Work instruction: Return, from the data that follows, each line that holds the word "linearGradient".

Source data:
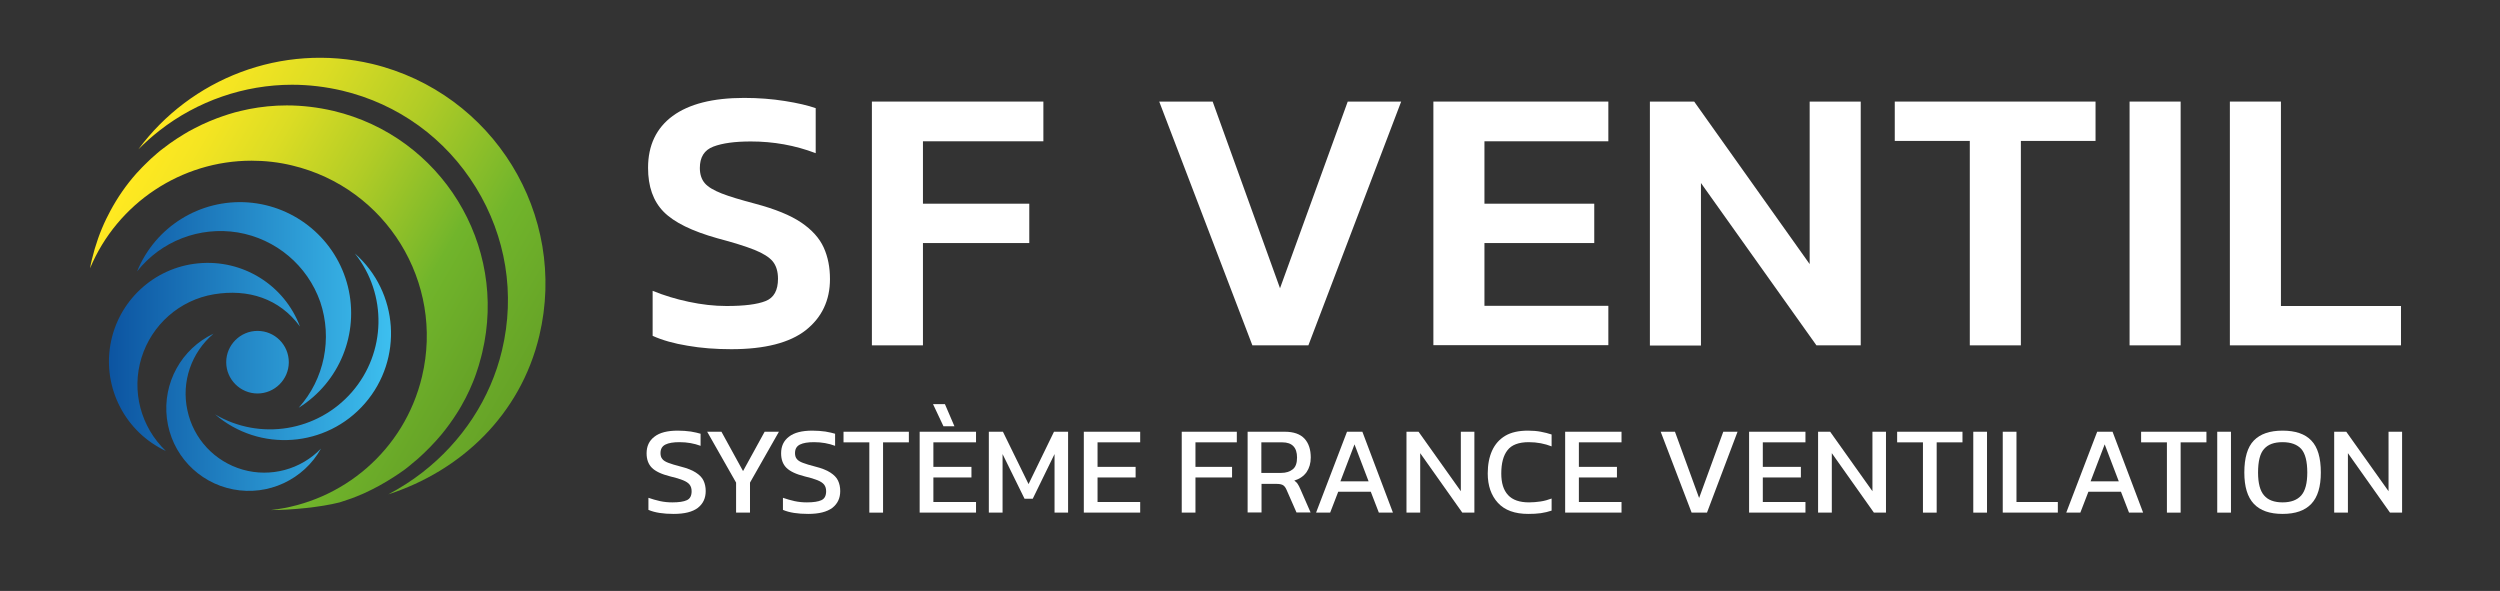 <?xml version="1.0" encoding="utf-8"?>
<!-- Generator: Adobe Illustrator 27.8.1, SVG Export Plug-In . SVG Version: 6.00 Build 0)  -->
<svg version="1.1" id="Calque_1" xmlns="http://www.w3.org/2000/svg" xmlns:xlink="http://www.w3.org/1999/xlink" x="0px" y="0px"
	 viewBox="0 0 1366 322.9" enable-background="new 0 0 1366 322.9" xml:space="preserve">
<rect x="0" y="0" width="1366" height="322.9" fill="#333333" stroke="none"/>
<g>
	<g>
		<g>
			<path fill="#FFFFFF" d="M399.6,190.8c-8.6,0-16.5-0.6-23.9-1.9c-7.4-1.2-13.8-3-19.1-5.4v-24.6c6.1,2.5,12.6,4.5,19.7,6
				c7,1.5,13.9,2.3,20.7,2.3c9.7,0,16.8-0.9,21.3-2.7c4.6-1.8,6.8-5.9,6.8-12.2c0-4-1-7.2-2.9-9.5c-1.9-2.3-5.3-4.4-10-6.3
				c-4.8-1.9-11.5-4-20.2-6.3c-13.9-3.9-23.7-8.7-29.4-14.5c-5.7-5.8-8.5-13.8-8.5-24c0-12.3,4.5-21.7,13.4-28.3
				c9-6.6,22-9.9,39.1-9.9c8,0,15.4,0.6,22.3,1.7c6.9,1.1,12.5,2.4,16.8,3.9v24.6c-11.3-4.3-23.1-6.4-35.4-6.4
				c-8.7,0-15.5,0.9-20.5,2.8c-5,1.9-7.4,5.8-7.4,11.7c0,3.4,0.9,6.2,2.7,8.3c1.8,2.1,4.9,3.9,9.2,5.6s10.4,3.5,18.3,5.6
				c10.9,2.9,19.3,6.3,25.2,10.3c5.9,4,10,8.6,12.3,13.7c2.3,5.1,3.4,10.8,3.4,17.2c0,11.6-4.4,20.9-13.2,27.9
				C431.5,187.3,417.9,190.8,399.6,190.8z"/>
			<path fill="#FFFFFF" d="M476.4,188.7V55.5h93.7v21.7h-65.8v34.1h58.1v21.5h-58.1v55.9H476.4z"/>
			<path fill="#FFFFFF" d="M684.3,188.7L633.4,55.5h29.2l36.8,102l37-102h29.2l-50.7,133.2H684.3z"/>
			<path fill="#FFFFFF" d="M783.2,188.7V55.5h95.6v21.7h-67.7v34.1h60v21.5h-60v34.3h67.7v21.5H783.2z"/>
			<path fill="#FFFFFF" d="M901.5,188.7V55.5h24.2l63.1,88.8V55.5h27.9v133.2h-24.2L929.4,100v88.8H901.5z"/>
			<path fill="#FFFFFF" d="M1076.3,188.7V77h-41V55.5H1145V77h-40.8v111.7H1076.3z"/>
			<path fill="#FFFFFF" d="M1163.6,188.7V55.5h27.9v133.2H1163.6z"/>
			<path fill="#FFFFFF" d="M1218.4,188.7V55.5h27.9v111.7h65.6v21.5H1218.4z"/>
		</g>
		<g>
			<path fill="#FFFFFF" d="M368.1,280.8c-5.7,0-10.3-0.7-13.8-2.2V272c2,0.7,4.1,1.3,6.3,1.8c2.3,0.5,4.5,0.7,6.8,0.7
				c3.5,0,6.2-0.4,7.9-1.2c1.8-0.8,2.6-2.5,2.6-4.9c0-1.5-0.4-2.7-1.1-3.6c-0.7-0.9-1.9-1.7-3.6-2.4c-1.7-0.7-4-1.4-7-2.1
				c-4.8-1.2-8.1-2.8-10-4.7c-1.9-1.9-2.9-4.5-2.9-7.9c0-3.9,1.4-6.9,4.3-9.1c2.8-2.2,7.1-3.3,12.7-3.3c2.6,0,5,0.2,7.2,0.5
				c2.3,0.4,4,0.8,5.3,1.2v6.6c-3.5-1.3-7.3-2-11.5-2c-3.3,0-5.9,0.4-7.7,1.3c-1.8,0.9-2.7,2.4-2.7,4.7c0,1.3,0.3,2.4,1,3.2
				c0.6,0.8,1.7,1.5,3.3,2.1s3.8,1.3,6.6,2c3.6,0.9,6.4,2,8.4,3.3c2,1.3,3.4,2.7,4.2,4.4c0.8,1.7,1.2,3.6,1.2,5.7
				c0,3.9-1.4,6.9-4.3,9.2C378.4,279.7,374,280.8,368.1,280.8z"/>
			<path fill="#FFFFFF" d="M402.2,280.1v-16.4l-15.8-27.8h7.8l11.8,21.5l11.8-21.5h7.8l-15.8,27.8v16.4H402.2z"/>
			<path fill="#FFFFFF" d="M441.6,280.8c-5.7,0-10.3-0.7-13.8-2.2V272c2,0.7,4.1,1.3,6.3,1.8c2.3,0.5,4.5,0.7,6.8,0.7
				c3.5,0,6.2-0.4,7.9-1.2c1.8-0.8,2.6-2.5,2.6-4.9c0-1.5-0.4-2.7-1.1-3.6c-0.7-0.9-1.9-1.7-3.6-2.4c-1.7-0.7-4-1.4-7-2.1
				c-4.8-1.2-8.1-2.8-10-4.7c-1.9-1.9-2.9-4.5-2.9-7.9c0-3.9,1.4-6.9,4.3-9.1c2.8-2.2,7.1-3.3,12.7-3.3c2.6,0,5,0.2,7.2,0.5
				c2.3,0.4,4,0.8,5.3,1.2v6.6c-3.5-1.3-7.3-2-11.5-2c-3.3,0-5.9,0.4-7.7,1.3c-1.8,0.9-2.7,2.4-2.7,4.7c0,1.3,0.3,2.4,1,3.2
				c0.6,0.8,1.7,1.5,3.3,2.1s3.8,1.3,6.6,2c3.6,0.9,6.4,2,8.4,3.3c2,1.3,3.4,2.7,4.2,4.4c0.8,1.7,1.2,3.6,1.2,5.7
				c0,3.9-1.4,6.9-4.3,9.2C451.8,279.7,447.5,280.8,441.6,280.8z"/>
			<path fill="#FFFFFF" d="M475,280.1v-38.4h-14.1v-5.8h35.7v5.8h-14.1v38.4H475z"/>
			<path fill="#FFFFFF" d="M502.5,280.1v-44.2h30.8v5.8H510v13.4h20.8v5.8H510v13.4h23.3v5.8H502.5z M515.5,232.9l-5.7-12.1h6.5
				l5.2,12.1H515.5z"/>
			<path fill="#FFFFFF" d="M540.3,280.1v-44.2h7.7l14,28.6l13.9-28.6h7.7v44.2h-7.4v-32l-11.9,24.4h-4.5l-12-24.4v32H540.3z"/>
			<path fill="#FFFFFF" d="M592.2,280.1v-44.2H623v5.8h-23.3v13.4h20.8v5.8h-20.8v13.4H623v5.8H592.2z"/>
			<path fill="#FFFFFF" d="M645.7,280.1v-44.2h30.1v5.8h-22.6v13.4h20v5.8h-20v19.2H645.7z"/>
			<path fill="#FFFFFF" d="M681.7,280.1v-44.2H702c4.9,0,8.5,1.3,10.8,3.8c2.3,2.5,3.4,6,3.4,10.3c0,3.1-0.8,5.8-2.3,8
				c-1.6,2.2-3.8,3.7-6.7,4.6c0.8,0.6,1.5,1.2,1.9,1.9c0.5,0.7,0.9,1.6,1.4,2.7l5.6,12.8h-7.7l-5.4-12.3c-0.5-1.2-1.1-2-1.8-2.5
				c-0.7-0.5-1.9-0.8-3.6-0.8h-8.3v15.6H681.7z M689.2,258.4H700c2.7,0,4.8-0.7,6.4-2c1.6-1.3,2.3-3.5,2.3-6.4c0-5.5-2.7-8.3-8-8.3
				h-11.5V258.4z"/>
			<path fill="#FFFFFF" d="M719.1,280.1l16.9-44.2h8.4l16.7,44.2h-7.7l-4.4-11.4h-17.8l-4.4,11.4H719.1z M732.4,263h15.4l-7.7-20.2
				L732.4,263z"/>
			<path fill="#FFFFFF" d="M768.5,280.1v-44.2h6.6l23.1,32.5v-32.5h7.4v44.2h-6.6l-23-32.5v32.5H768.5z"/>
			<path fill="#FFFFFF" d="M835,280.8c-7.3,0-12.8-2-16.5-6c-3.7-4-5.6-9.4-5.6-16.1c0-4.8,0.8-9,2.4-12.5s4-6.2,7.2-8.1
				c3.2-1.9,7.4-2.8,12.4-2.8c2.6,0,4.9,0.2,7,0.6c2.1,0.4,4.1,0.9,5.9,1.5v6.5c-1.8-0.7-3.8-1.3-5.9-1.7c-2.1-0.4-4.3-0.6-6.6-0.6
				c-5.5,0-9.4,1.5-11.6,4.4c-2.3,2.9-3.4,7.2-3.4,12.7c0,5.2,1.2,9.1,3.7,11.8s6.3,4,11.5,4c2.1,0,4.2-0.2,6.3-0.5s4.1-0.9,6-1.6
				v6.6c-1.8,0.6-3.8,1.1-5.9,1.4S837.5,280.8,835,280.8z"/>
			<path fill="#FFFFFF" d="M855.2,280.1v-44.2H886v5.8h-23.3v13.4h20.8v5.8h-20.8v13.4H886v5.8H855.2z"/>
			<path fill="#FFFFFF" d="M924.3,280.1l-16.9-44.2h7.8l13.2,36.2l13.2-36.2h7.8l-16.7,44.2H924.3z"/>
			<path fill="#FFFFFF" d="M955.7,280.1v-44.2h30.8v5.8h-23.3v13.4H984v5.8h-20.8v13.4h23.3v5.8H955.7z"/>
			<path fill="#FFFFFF" d="M993.4,280.1v-44.2h6.6l23.1,32.5v-32.5h7.4v44.2h-6.6l-23-32.5v32.5H993.4z"/>
			<path fill="#FFFFFF" d="M1050.7,280.1v-38.4h-14.1v-5.8h35.7v5.8h-14.1v38.4H1050.7z"/>
			<path fill="#FFFFFF" d="M1078.2,280.1v-44.2h7.5v44.2H1078.2z"/>
			<path fill="#FFFFFF" d="M1094.3,280.1v-44.2h7.5v38.4h22.6v5.8H1094.3z"/>
			<path fill="#FFFFFF" d="M1129,280.1l16.9-44.2h8.4l16.7,44.2h-7.7l-4.4-11.4h-17.8l-4.4,11.4H1129z M1142.3,263h15.4l-7.7-20.2
				L1142.3,263z"/>
			<path fill="#FFFFFF" d="M1184,280.1v-38.4h-14.1v-5.8h35.7v5.8h-14.1v38.4H1184z"/>
			<path fill="#FFFFFF" d="M1211.5,280.1v-44.2h7.5v44.2H1211.5z"/>
			<path fill="#FFFFFF" d="M1247.2,280.8c-7,0-12.2-1.8-15.7-5.5c-3.5-3.7-5.2-9.4-5.2-17.1c0-8,1.7-13.9,5.2-17.5
				c3.5-3.6,8.7-5.4,15.7-5.4c7,0,12.3,1.8,15.7,5.4c3.5,3.6,5.2,9.4,5.2,17.5c0,7.7-1.7,13.4-5.2,17.1
				C1259.4,279,1254.2,280.8,1247.2,280.8z M1247.2,274.5c4.6,0,8-1.3,10.2-3.8c2.2-2.5,3.3-6.7,3.3-12.5c0-6.1-1.1-10.4-3.3-12.9
				c-2.2-2.4-5.6-3.7-10.2-3.7c-4.6,0-7.9,1.2-10.1,3.7c-2.2,2.4-3.3,6.7-3.3,12.9c0,5.8,1.1,10,3.3,12.5
				C1239.2,273.2,1242.6,274.5,1247.2,274.5z"/>
			<path fill="#FFFFFF" d="M1275.4,280.1v-44.2h6.6l23.1,32.5v-32.5h7.4v44.2h-6.6l-23-32.5v32.5H1275.4z"/>
		</g>
	</g>
	<g>
		<g>
			<linearGradient id="SVGID_1_" gradientUnits="userSpaceOnUse" x1="291.852" y1="198.149" x2="79.269" y2="75.414">
				<stop  offset="0" style="stop-color:#66A327"/>
				<stop  offset="0.224" style="stop-color:#71B52B"/>
				<stop  offset="0.248" style="stop-color:#77B72B"/>
				<stop  offset="0.504" style="stop-color:#B1CC26"/>
				<stop  offset="0.722" style="stop-color:#DBDC24"/>
				<stop  offset="0.893" style="stop-color:#F5E522"/>
				<stop  offset="0.994" style="stop-color:#FFE921"/>
			</linearGradient>
			<path fill="url(#SVGID_1_)" d="M294.7,183.4c-10.3,43.4-43,73.9-82.5,86.7l0,0c6.4-3.4,12.6-7.3,18.4-11.8
				c22-17,37.5-40.7,43.7-66.9c7.3-30.6,2.2-62.2-14.3-89c-16.5-26.8-42.4-45.6-73.1-52.9c-9-2.1-18.2-3.2-27.3-3.2
				c-26.1,0-51.8,8.9-72.4,25c-4.1,3.2-8,6.7-11.6,10.3c28.5-38.5,78.1-58.4,127.7-46.7C269.5,50.8,310.4,117.2,294.7,183.4z"/>
			
				<linearGradient id="SVGID_00000113325770331483529130000016675568204114879109_" gradientUnits="userSpaceOnUse" x1="253.825" y1="218.127" x2="64.016" y2="108.541">
				<stop  offset="0" style="stop-color:#66A327"/>
				<stop  offset="0.224" style="stop-color:#71B52B"/>
				<stop  offset="0.248" style="stop-color:#77B72B"/>
				<stop  offset="0.504" style="stop-color:#B1CC26"/>
				<stop  offset="0.722" style="stop-color:#DBDC24"/>
				<stop  offset="0.893" style="stop-color:#F5E522"/>
				<stop  offset="0.994" style="stop-color:#FFE921"/>
			</linearGradient>
			<path fill="url(#SVGID_00000113325770331483529130000016675568204114879109_)" d="M148,278.7c39.1-4.3,73-32.6,82.6-73
				c12.2-51.4-19.5-103-71-115.3c-7.4-1.8-14.9-2.6-22.2-2.6c-38.2,0-73.3,23.1-88.2,58.8c0.3-1.6,0.6-3.3,1-4.8
				c1.9-7.9,4.5-15.3,7.9-22.3c0.7-1.4,1.4-2.8,2.1-4.1c4-7.5,8.8-14.4,14.3-20.6c1-1.1,2-2.2,3.1-3.3c0.5-0.5,1.1-1.1,1.6-1.6
				c1.1-1.1,2.2-2.1,3.2-3.1c1.1-1,2.2-2,3.4-3c1.1-1,2.3-1.9,3.5-2.8c1.2-0.9,2.4-1.8,3.6-2.7c2.4-1.7,5-3.4,7.5-4.9
				c1.9-1.2,3.9-2.3,5.9-3.3c1.3-0.7,2.7-1.4,4-2c2.7-1.3,5.5-2.4,8.3-3.5c2.1-0.8,4.3-1.5,6.4-2.2c2.2-0.7,4.4-1.3,6.6-1.8
				c1.5-0.3,3-0.7,4.5-1c6.7-1.3,13.6-2,20.6-2c8.4,0,16.9,1,25.5,3c58.9,14,95.3,73.1,81.3,132c-0.2,0.8-0.4,1.6-0.6,2.4
				c-0.4,1.6-0.9,3.1-1.3,4.7l0,0c-0.5,1.5-1,3.1-1.5,4.6c-0.5,1.5-1.1,3-1.7,4.5c-0.6,1.5-1.3,2.9-1.9,4.4
				c-0.7,1.4-1.4,2.9-2.1,4.3c-1.5,2.8-3,5.6-4.7,8.2c-1.3,2-2.6,4-4,5.9c-1.4,1.9-2.8,3.8-4.3,5.6c-4,4.8-8.4,9.3-13.1,13.5
				c-1.8,1.5-3.6,3-5.4,4.5c-1.2,1-2.5,1.9-3.8,2.8c-1.3,0.9-2.6,1.8-3.9,2.6c-5.2,3.4-10.7,6.4-16.4,9c-1.4,0.6-2.9,1.2-4.3,1.8
				c-1.4,0.6-2.9,1.1-4.4,1.6c-1.5,0.5-3,1-4.5,1.5C175,277.2,159,278.7,148,278.7z"/>
		</g>
		
			<linearGradient id="SVGID_00000012450150927454319970000018138374853699434415_" gradientUnits="userSpaceOnUse" x1="59.605" y1="189.352" x2="213.593" y2="189.352">
			<stop  offset="0" style="stop-color:#0C54A1"/>
			<stop  offset="1" style="stop-color:#3DBFEF"/>
		</linearGradient>
		<path fill="url(#SVGID_00000012450150927454319970000018138374853699434415_)" d="M163.9,178.4c-11.2-15.3-28.3-20.7-47-17.6
			c-18.7,3.1-34,16.6-39.6,34.7c-5.6,18.1-0.4,37.8,13.3,50.9c-22-10.3-34.4-34.1-30.3-58c4.1-23.9,23.8-42.2,47.9-44.5
			C132.5,141.5,155.3,155.6,163.9,178.4 M163.2,222.8c22.3-13.9,33.2-40.6,26.9-66.2c-6.3-25.5-28.4-44.1-54.6-46
			c-26.2-1.9-50.7,13.3-60.6,37.7c13.1-16.6,34.1-24.7,55-21.3c20.8,3.5,38.1,18,45.1,38C181.7,184.9,177.3,207.1,163.2,222.8
			 M116.7,182.3c-17.6,8.3-27.9,27-25.5,46.4s17,35,36.2,38.7c19.1,3.7,38.5-5.3,48-22.3c-11,11.4-27.5,15.9-42.8,11.5
			c-15.3-4.4-26.9-16.8-30.2-32.4C99,208.7,104.5,192.6,116.7,182.3 M117.5,226.4c24.3,20.9,60.9,18.2,81.9-6
			c21-24.2,18.5-60.8-5.5-81.9c17.8,22.3,17.1,54.2-1.6,75.7C173.5,235.8,142,240.9,117.5,226.4 M140.7,180.8
			c-9.4,0-17.1,7.7-17.1,17.1s7.7,17.1,17.1,17.1c9.4,0,17.1-7.7,17.1-17.1S150.2,180.8,140.7,180.8z"/>
	</g>
</g>
</svg>

Written response:
			<linearGradient id="SVGID_1_" gradientUnits="userSpaceOnUse" x1="291.852" y1="198.149" x2="79.269" y2="75.414">
			</linearGradient>
				<linearGradient id="SVGID_00000113325770331483529130000016675568204114879109_" gradientUnits="userSpaceOnUse" x1="253.825" y1="218.127" x2="64.016" y2="108.541">
			</linearGradient>
			<linearGradient id="SVGID_00000012450150927454319970000018138374853699434415_" gradientUnits="userSpaceOnUse" x1="59.605" y1="189.352" x2="213.593" y2="189.352">
		</linearGradient>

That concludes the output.